Collected data
-- Opening Marker --

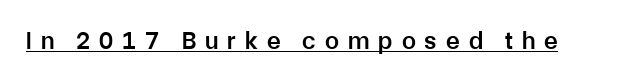
The image shows 25 px text type, upright; set unusually wide letter spacing (+0.36 em), underlined.
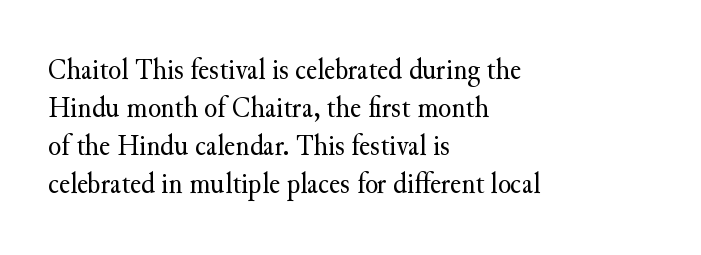
Q: Is the text bold? A: No.
Q: Is the text italic (slanted)? A: No, it is upright.
Q: Is the typeface a serif or a sans-serif typeface? A: Serif.
Q: Is the text underlined? A: No.
Q: How is the paragraph aligned? A: Left-aligned.
Q: Is the spacing between letters normal or unusually wide? A: Normal.
Q: Is the spacing between lines tight, normal or loose? A: Normal.
Q: Width (condensed, normal, or wide)? A: Normal.
Q: Stroke contrast? A: Medium.
Q: x-height? A: Small.
Q: Monospaced? A: No.
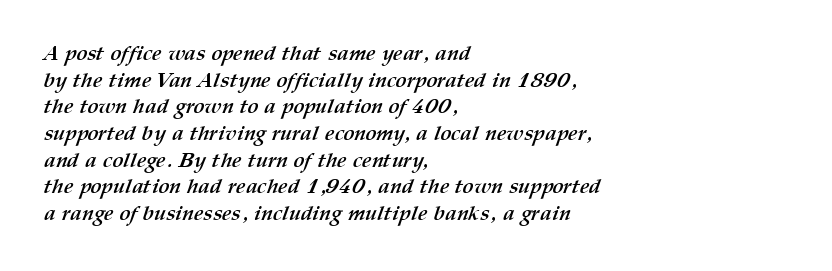
The image shows 21 px bold type; set left-aligned, normal line spacing (1.27x), normal letter spacing, not underlined.
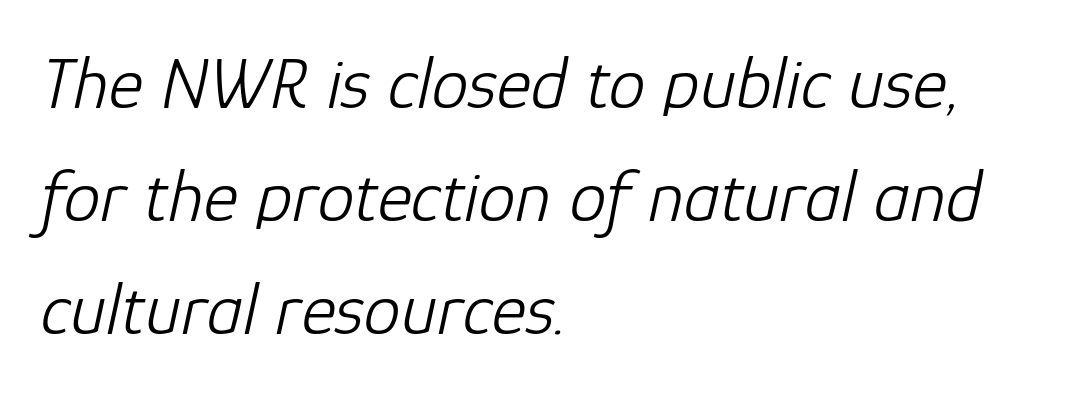
You could not count columns in this text — the font is proportionally spaced. Just letters on the line, the space beneath them empty. Which margin do the lines hug? The left one — the right edge is uneven. The passage shown has conventional tracking throughout.
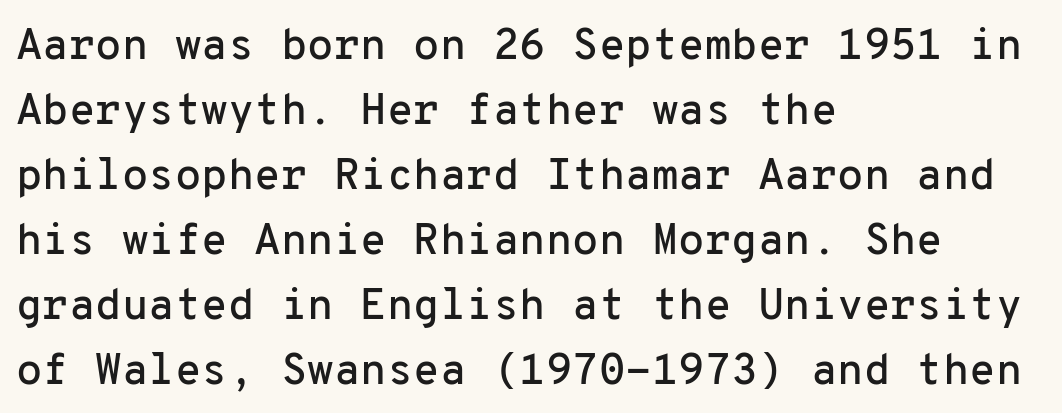
The image shows 43 px sans-serif type, upright, monospaced; set left-aligned, normal line spacing (1.51x), normal letter spacing, not underlined; low stroke contrast and a medium x-height.

-- Closing Marker --

## Description of the task
When the records above are checked line by line, how many lines contain the word "unusually"? Please give only that number.

## Task result
2